*Work to be completed:* An exact reproduction of the data below is expected, free of images.

*Excerpts from a dataset:*
- - - - - - -

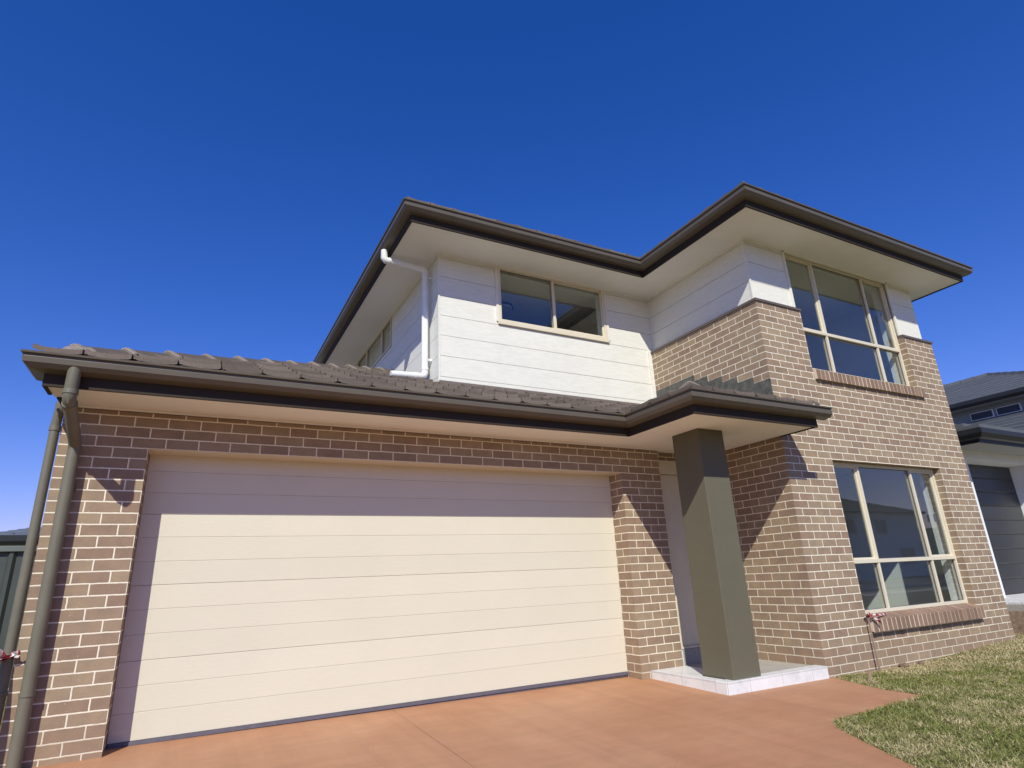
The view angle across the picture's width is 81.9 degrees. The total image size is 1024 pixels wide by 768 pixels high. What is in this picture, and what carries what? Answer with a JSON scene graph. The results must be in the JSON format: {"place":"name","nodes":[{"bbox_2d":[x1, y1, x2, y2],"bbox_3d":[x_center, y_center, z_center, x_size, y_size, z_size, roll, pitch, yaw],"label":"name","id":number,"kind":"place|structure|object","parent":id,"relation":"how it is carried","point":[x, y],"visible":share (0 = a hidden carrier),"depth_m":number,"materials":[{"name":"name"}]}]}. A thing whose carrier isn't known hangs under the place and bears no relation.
{"place":"outdoors","nodes":[
{"label":"outdoors","id":0,"kind":"place"},
{"bbox_2d":[32,676,919,767],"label":"driveway","id":1,"kind":"structure","parent":0,"point":[624,722],"depth_m":4.36,"materials":[{"name":"concrete"}]},
{"bbox_2d":[0,634,1023,767],"bbox_3d":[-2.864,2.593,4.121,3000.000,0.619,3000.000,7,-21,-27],"label":"ground","id":2,"kind":"structure","parent":0,"point":[960,662],"depth_m":4.69,"materials":[{"name":"green plant"}]},
{"bbox_2d":[0,546,37,690],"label":"fence","id":3,"kind":"object","parent":2,"relation":"on","point":[11,557],"visible":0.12,"depth_m":6.82,"materials":[{"name":"green metal"}]},
{"bbox_2d":[0,533,39,545],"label":"neighbour house","id":4,"kind":"structure","parent":2,"relation":"on","point":[9,539],"depth_m":13.49,"materials":[{"name":"grey metal"}]},
{"bbox_2d":[0,527,40,534],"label":"neighbour house","id":5,"kind":"structure","parent":2,"relation":"on","point":[21,531],"depth_m":33.15,"materials":[{"name":"grey tile"}]},
{"bbox_2d":[0,181,1015,767],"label":"house","id":6,"kind":"structure","parent":2,"relation":"on","point":[714,447],"depth_m":6.31,"materials":[{"name":"brick"}]},
{"bbox_2d":[0,649,20,662],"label":"barrier tape","id":7,"kind":"object","parent":6,"relation":"attached to","point":[3,655],"visible":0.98,"depth_m":4.01,"materials":[{"name":"white plastic"}]},
{"bbox_2d":[106,454,627,748],"bbox_3d":[-0.905,1.884,5.770,4.845,2.252,0.057,7,-21,-27],"label":"garage door","id":8,"kind":"structure","parent":6,"relation":"in","point":[263,593],"depth_m":5.43,"materials":[{"name":"beige metal"}]},
{"bbox_2d":[357,317,391,367],"bbox_3d":[-2.450,-0.514,10.481,0.070,0.532,2.280,7,-21,-27],"label":"window","id":9,"kind":"structure","parent":6,"relation":"in","point":[381,334],"depth_m":10.05,"materials":[{"name":"beige metal"}]},
{"bbox_2d":[494,266,609,342],"bbox_3d":[0.601,-1.121,8.523,1.882,0.879,0.082,7,-21,-27],"label":"window","id":10,"kind":"structure","parent":6,"relation":"in","point":[605,337],"depth_m":8.50,"materials":[{"name":"beige metal"}]},
{"bbox_2d":[658,460,699,648],"bbox_3d":[2.216,2.053,7.319,0.966,2.195,0.095,7,-21,-27],"label":"front door","id":11,"kind":"structure","parent":6,"relation":"in","point":[688,630],"depth_m":7.20,"materials":[{"name":"beige metal"}]},
{"bbox_2d":[784,253,925,397],"bbox_3d":[4.880,-0.807,8.443,2.436,1.903,0.201,7,-21,-27],"label":"window","id":12,"kind":"structure","parent":6,"relation":"in","point":[832,376],"depth_m":8.46,"materials":[{"name":"beige metal"}]},
{"bbox_2d":[833,462,985,632],"bbox_3d":[4.989,1.998,7.490,2.376,1.955,0.223,7,-21,-27],"label":"window","id":13,"kind":"structure","parent":6,"relation":"in","point":[941,611],"depth_m":7.46,"materials":[{"name":"beige metal"}]},
{"bbox_2d":[867,671,871,681],"bbox_3d":[3.586,2.957,5.918,0.042,0.154,0.040,7,-21,-27],"label":"wooden peg","id":14,"kind":"object","parent":2,"relation":"in","point":[869,674],"visible":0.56,"depth_m":5.92,"materials":[{"name":"beige wood"}]},
{"bbox_2d":[866,614,880,670],"bbox_3d":[3.983,2.886,6.490,0.020,0.670,0.048,-8,-19,17],"label":"wooden stake","id":15,"kind":"object","parent":2,"relation":"in","point":[873,642],"visible":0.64,"depth_m":6.50,"materials":[{"name":"brown wood"}]},
{"bbox_2d":[864,611,887,623],"bbox_3d":[4.157,2.626,6.670,0.460,0.152,0.110,7,-21,-27],"label":"barrier tape","id":16,"kind":"object","parent":15,"relation":"attached to","point":[878,620],"visible":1,"depth_m":6.59,"materials":[{"name":"white plastic"}]},
{"bbox_2d":[899,662,909,667],"bbox_3d":[4.399,3.159,6.622,0.100,0.063,0.075,-4,-18,5],"label":"dirt clod","id":17,"kind":"object","parent":2,"relation":"on","point":[904,665],"visible":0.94,"depth_m":6.61,"materials":[{"name":"brown soil"}]},
{"bbox_2d":[943,371,1023,597],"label":"neighbour house","id":18,"kind":"structure","parent":2,"relation":"on","point":[987,411],"depth_m":11.44,"materials":[{"name":"grey metal"}]},
{"bbox_2d":[970,409,994,421],"bbox_3d":[14.404,0.963,18.085,0.085,0.240,0.620,7,-21,-27],"label":"window","id":19,"kind":"structure","parent":18,"relation":"in","point":[985,414],"depth_m":18.05,"materials":[{"name":"black glass"}]},
{"bbox_2d":[968,464,1023,594],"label":"garage door","id":20,"kind":"structure","parent":18,"relation":"in","point":[998,500],"depth_m":11.24,"materials":[{"name":"grey metal"}]},
{"bbox_2d":[995,403,1022,415],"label":"window","id":21,"kind":"structure","parent":18,"relation":"in","point":[1017,407],"depth_m":17.47,"materials":[{"name":"black glass"}]},
{"bbox_2d":[1004,593,1023,603],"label":"gravel","id":22,"kind":"structure","parent":2,"relation":"on","point":[1015,599],"depth_m":9.45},
{"bbox_2d":[1006,604,1023,610],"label":"retaining edge","id":23,"kind":"object","parent":2,"relation":"on","point":[1015,607],"depth_m":8.71,"materials":[{"name":"grey concrete"}]},
{"bbox_2d":[1008,611,1023,633],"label":"soil bank","id":24,"kind":"structure","parent":2,"relation":"on","point":[1017,619],"depth_m":8.57,"materials":[{"name":"brown soil"}]},
{"bbox_2d":[0,0,1023,531],"label":"sky","id":25,"kind":"structure","parent":0,"point":[220,178],"materials":[{"name":"blue"}]},
{"bbox_2d":[825,633,1023,767],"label":"grass","id":26,"kind":"structure","parent":0,"point":[968,678],"depth_m":4.62,"materials":[{"name":"green plant"}]}
]}

- - - - - - -

*Reply to the exercise:*
The view angle across the picture's width is 81.9 degrees. The total image size is 1024 pixels wide by 768 pixels high. What is in this picture, and what carries what? Answer with a JSON scene graph. The results must be in the JSON format: {"place":"name","nodes":[{"bbox_2d":[x1, y1, x2, y2],"bbox_3d":[x_center, y_center, z_center, x_size, y_size, z_size, roll, pitch, yaw],"label":"name","id":number,"kind":"place|structure|object","parent":id,"relation":"how it is carried","point":[x, y],"visible":share (0 = a hidden carrier),"depth_m":number,"materials":[{"name":"name"}]}]}. A thing whose carrier isn't known hangs under the place and bears no relation.
{"place":"outdoors","nodes":[
{"label":"outdoors","id":0,"kind":"place"},
{"bbox_2d":[32,676,919,767],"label":"driveway","id":1,"kind":"structure","parent":0,"point":[624,722],"depth_m":4.36,"materials":[{"name":"concrete"}]},
{"bbox_2d":[0,634,1023,767],"bbox_3d":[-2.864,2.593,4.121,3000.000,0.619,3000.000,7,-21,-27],"label":"ground","id":2,"kind":"structure","parent":0,"point":[960,662],"depth_m":4.69,"materials":[{"name":"green plant"}]},
{"bbox_2d":[0,546,37,690],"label":"fence","id":3,"kind":"object","parent":2,"relation":"on","point":[11,557],"visible":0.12,"depth_m":6.82,"materials":[{"name":"green metal"}]},
{"bbox_2d":[0,533,39,545],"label":"neighbour house","id":4,"kind":"structure","parent":2,"relation":"on","point":[9,539],"depth_m":13.49,"materials":[{"name":"grey metal"}]},
{"bbox_2d":[0,527,40,534],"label":"neighbour house","id":5,"kind":"structure","parent":2,"relation":"on","point":[21,531],"depth_m":33.15,"materials":[{"name":"grey tile"}]},
{"bbox_2d":[0,181,1015,767],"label":"house","id":6,"kind":"structure","parent":2,"relation":"on","point":[714,447],"depth_m":6.31,"materials":[{"name":"brick"}]},
{"bbox_2d":[0,649,20,662],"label":"barrier tape","id":7,"kind":"object","parent":6,"relation":"attached to","point":[3,655],"visible":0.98,"depth_m":4.01,"materials":[{"name":"white plastic"}]},
{"bbox_2d":[106,454,627,748],"bbox_3d":[-0.905,1.884,5.770,4.845,2.252,0.057,7,-21,-27],"label":"garage door","id":8,"kind":"structure","parent":6,"relation":"in","point":[263,593],"depth_m":5.43,"materials":[{"name":"beige metal"}]},
{"bbox_2d":[357,317,391,367],"bbox_3d":[-2.450,-0.514,10.481,0.070,0.532,2.280,7,-21,-27],"label":"window","id":9,"kind":"structure","parent":6,"relation":"in","point":[381,334],"depth_m":10.05,"materials":[{"name":"beige metal"}]},
{"bbox_2d":[494,266,609,342],"bbox_3d":[0.601,-1.121,8.523,1.882,0.879,0.082,7,-21,-27],"label":"window","id":10,"kind":"structure","parent":6,"relation":"in","point":[605,337],"depth_m":8.50,"materials":[{"name":"beige metal"}]},
{"bbox_2d":[658,460,699,648],"bbox_3d":[2.216,2.053,7.319,0.966,2.195,0.095,7,-21,-27],"label":"front door","id":11,"kind":"structure","parent":6,"relation":"in","point":[688,630],"depth_m":7.20,"materials":[{"name":"beige metal"}]},
{"bbox_2d":[784,253,925,397],"bbox_3d":[4.880,-0.807,8.443,2.436,1.903,0.201,7,-21,-27],"label":"window","id":12,"kind":"structure","parent":6,"relation":"in","point":[832,376],"depth_m":8.46,"materials":[{"name":"beige metal"}]},
{"bbox_2d":[833,462,985,632],"bbox_3d":[4.989,1.998,7.490,2.376,1.955,0.223,7,-21,-27],"label":"window","id":13,"kind":"structure","parent":6,"relation":"in","point":[941,611],"depth_m":7.46,"materials":[{"name":"beige metal"}]},
{"bbox_2d":[867,671,871,681],"bbox_3d":[3.586,2.957,5.918,0.042,0.154,0.040,7,-21,-27],"label":"wooden peg","id":14,"kind":"object","parent":2,"relation":"in","point":[869,674],"visible":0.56,"depth_m":5.92,"materials":[{"name":"beige wood"}]},
{"bbox_2d":[866,614,880,670],"bbox_3d":[3.983,2.886,6.490,0.020,0.670,0.048,-8,-19,17],"label":"wooden stake","id":15,"kind":"object","parent":2,"relation":"in","point":[873,642],"visible":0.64,"depth_m":6.50,"materials":[{"name":"brown wood"}]},
{"bbox_2d":[864,611,887,623],"bbox_3d":[4.157,2.626,6.670,0.460,0.152,0.110,7,-21,-27],"label":"barrier tape","id":16,"kind":"object","parent":15,"relation":"attached to","point":[878,620],"visible":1,"depth_m":6.59,"materials":[{"name":"white plastic"}]},
{"bbox_2d":[899,662,909,667],"bbox_3d":[4.399,3.159,6.622,0.100,0.063,0.075,-4,-18,5],"label":"dirt clod","id":17,"kind":"object","parent":2,"relation":"on","point":[904,665],"visible":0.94,"depth_m":6.61,"materials":[{"name":"brown soil"}]},
{"bbox_2d":[943,371,1023,597],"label":"neighbour house","id":18,"kind":"structure","parent":2,"relation":"on","point":[987,411],"depth_m":11.44,"materials":[{"name":"grey metal"}]},
{"bbox_2d":[970,409,994,421],"bbox_3d":[14.404,0.963,18.085,0.085,0.240,0.620,7,-21,-27],"label":"window","id":19,"kind":"structure","parent":18,"relation":"in","point":[985,414],"depth_m":18.05,"materials":[{"name":"black glass"}]},
{"bbox_2d":[968,464,1023,594],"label":"garage door","id":20,"kind":"structure","parent":18,"relation":"in","point":[998,500],"depth_m":11.24,"materials":[{"name":"grey metal"}]},
{"bbox_2d":[995,403,1022,415],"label":"window","id":21,"kind":"structure","parent":18,"relation":"in","point":[1017,407],"depth_m":17.47,"materials":[{"name":"black glass"}]},
{"bbox_2d":[1004,593,1023,603],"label":"gravel","id":22,"kind":"structure","parent":2,"relation":"on","point":[1015,599],"depth_m":9.45},
{"bbox_2d":[1006,604,1023,610],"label":"retaining edge","id":23,"kind":"object","parent":2,"relation":"on","point":[1015,607],"depth_m":8.71,"materials":[{"name":"grey concrete"}]},
{"bbox_2d":[1008,611,1023,633],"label":"soil bank","id":24,"kind":"structure","parent":2,"relation":"on","point":[1017,619],"depth_m":8.57,"materials":[{"name":"brown soil"}]},
{"bbox_2d":[0,0,1023,531],"label":"sky","id":25,"kind":"structure","parent":0,"point":[220,178],"materials":[{"name":"blue"}]},
{"bbox_2d":[825,633,1023,767],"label":"grass","id":26,"kind":"structure","parent":0,"point":[968,678],"depth_m":4.62,"materials":[{"name":"green plant"}]}
]}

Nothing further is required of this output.